Source records
......

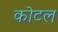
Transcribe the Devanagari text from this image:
कोटल
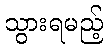
သွားရမည့်
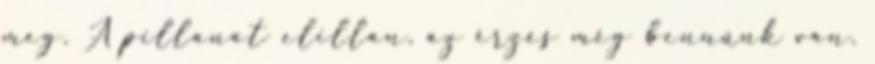
meg. A pillanat elillan, az érzés még bennünk van.
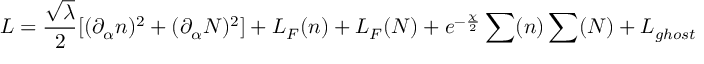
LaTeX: L = \frac { \sqrt { \lambda } } { 2 } [ ( \partial _ { \alpha } n ) ^ { 2 } + ( \partial _ { \alpha } N ) ^ { 2 } ] + L _ { F } ( n ) + L _ { F } ( N ) + e ^ { - \frac { \chi } { 2 } } \sum ( n ) \sum ( N ) + L _ { g h o s t }
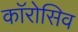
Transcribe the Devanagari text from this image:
काॅरोसिव
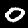
Digit: 0
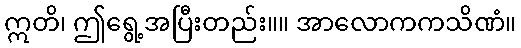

......

#### [Work to complete]
Nothing but the lines from the first line of the data above through the line holding "LaTeX: L = \frac" may appear in the response, copied exactly and without pictures.

#### [Result of this task]
Transcribe the Devanagari text from this image:
कोटल
သွားရမည့်
meg. A pillanat elillan, az érzés még bennünk van.
LaTeX: L = \frac { \sqrt { \lambda } } { 2 } [ ( \partial _ { \alpha } n ) ^ { 2 } + ( \partial _ { \alpha } N ) ^ { 2 } ] + L _ { F } ( n ) + L _ { F } ( N ) + e ^ { - \frac { \chi } { 2 } } \sum ( n ) \sum ( N ) + L _ { g h o s t }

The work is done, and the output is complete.